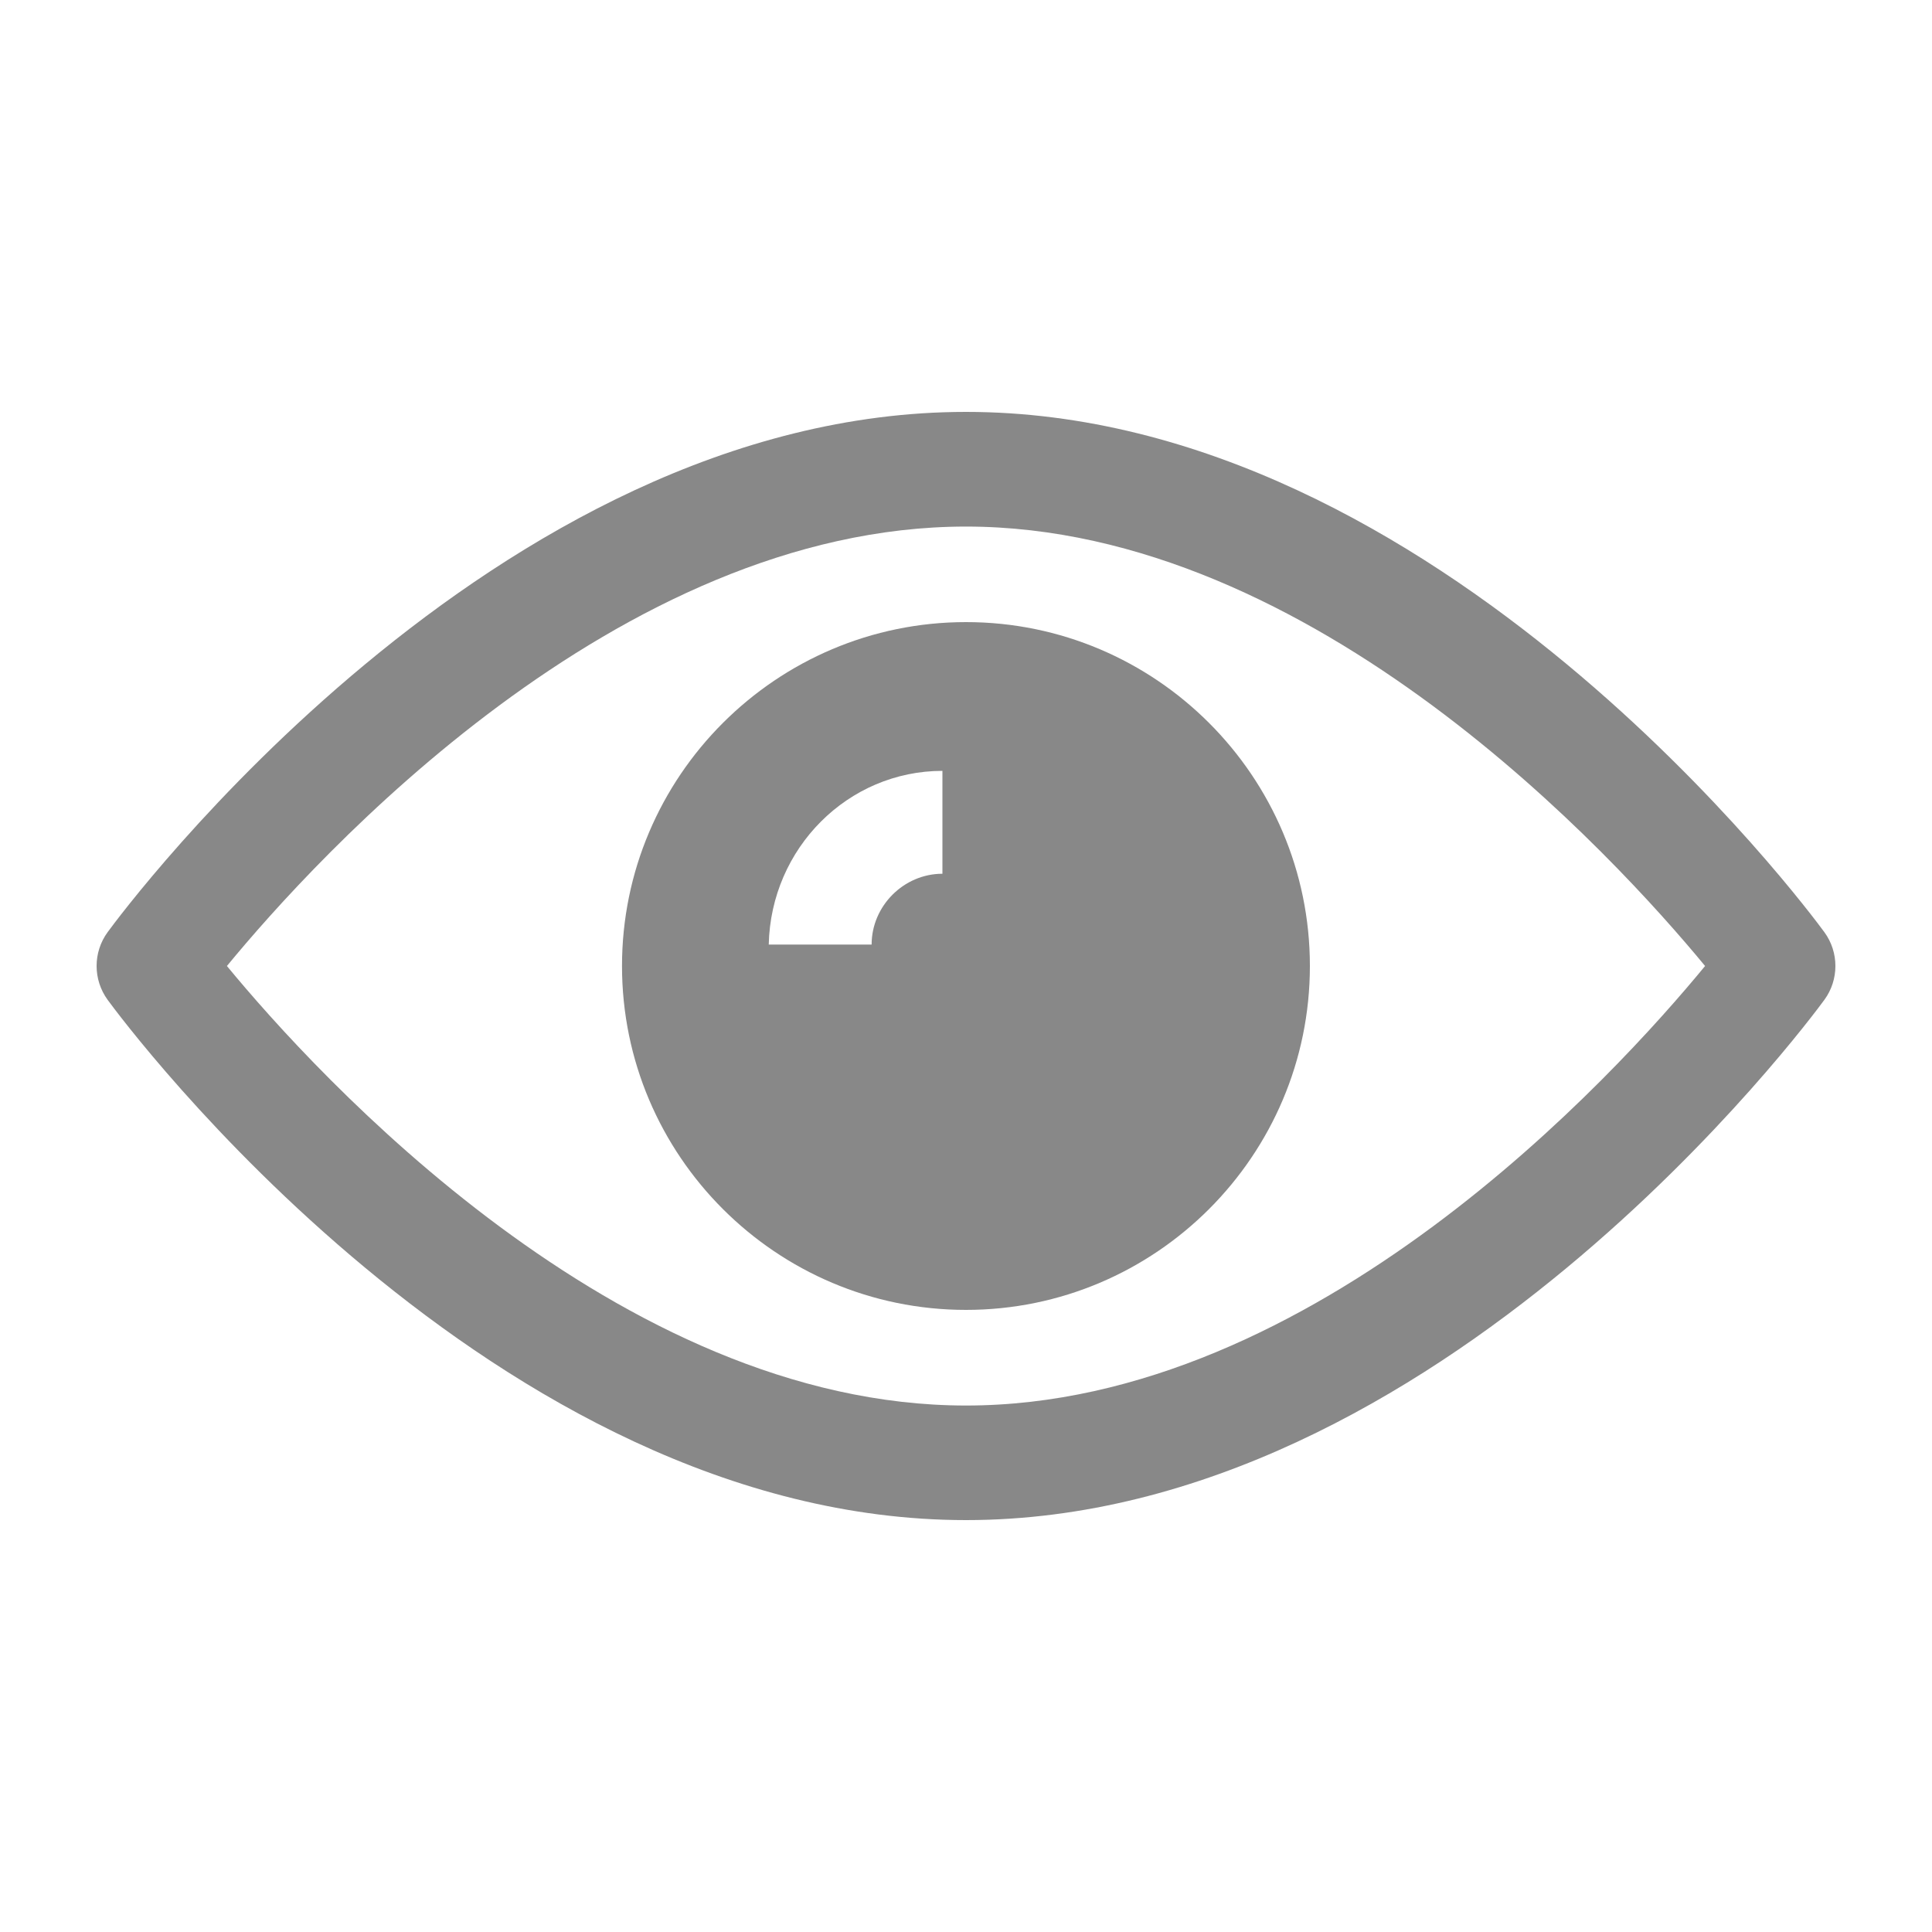 <svg width="20" height="20" viewBox="0 0 20 20" fill="none" xmlns="http://www.w3.org/2000/svg">
<path d="M10 6.781C8.224 6.781 6.781 8.224 6.781 10C6.781 11.776 8.224 13.219 10 13.219C11.776 13.219 13.219 11.776 13.219 10C13.219 8.224 11.776 6.781 10 6.781ZM9.756 9.045C9.356 9.045 9.023 9.378 9.023 9.778H7.958C7.98 8.779 8.779 7.98 9.756 7.98V9.045Z" fill="#888888"/>
<path d="M18.886 9.65C18.725 9.43 14.893 4.264 10 4.264C5.106 4.264 1.275 9.43 1.114 9.65C0.962 9.858 0.962 10.141 1.114 10.35C1.275 10.57 5.106 15.736 10 15.736C14.893 15.736 18.725 10.57 18.886 10.35C19.038 10.142 19.038 9.858 18.886 9.65ZM10 14.55C6.395 14.55 3.273 11.121 2.349 10C3.272 8.878 6.388 5.451 10 5.451C13.604 5.451 16.726 8.879 17.651 10C16.728 11.122 13.612 14.55 10 14.55Z" fill="#888888"/>
<path d="M10 6.44C8.037 6.44 6.439 8.037 6.439 10C6.439 11.963 8.037 13.56 10 13.56C11.963 13.56 13.56 11.963 13.56 10C13.56 8.037 11.963 6.44 10 6.44ZM10 12.374C8.691 12.374 7.626 11.309 7.626 10C7.626 8.691 8.691 7.626 10 7.626C11.309 7.626 12.373 8.691 12.373 10C12.373 11.309 11.309 12.374 10 12.374Z" fill="#888888"/>
</svg>

What is being asked: In the reply, give again exactly the lines from the beginning of the entries above through the line with "6.781C8.224 6.781 6.781"; pictures stay out.

Your solution:
 <svg width="20" height="20" viewBox="0 0 20 20" fill="none" xmlns="http://www.w3.org/2000/svg">
<path d="M10 6.781C8.224 6.781 6.781 8.224 6.781 10C6.781 11.776 8.224 13.219 10 13.219C11.776 13.219 13.219 11.776 13.219 10C13.219 8.224 11.776 6.781 10 6.781ZM9.756 9.045C9.356 9.045 9.023 9.378 9.023 9.778H7.958C7.98 8.779 8.779 7.98 9.756 7.98V9.045Z" fill="#888888"/>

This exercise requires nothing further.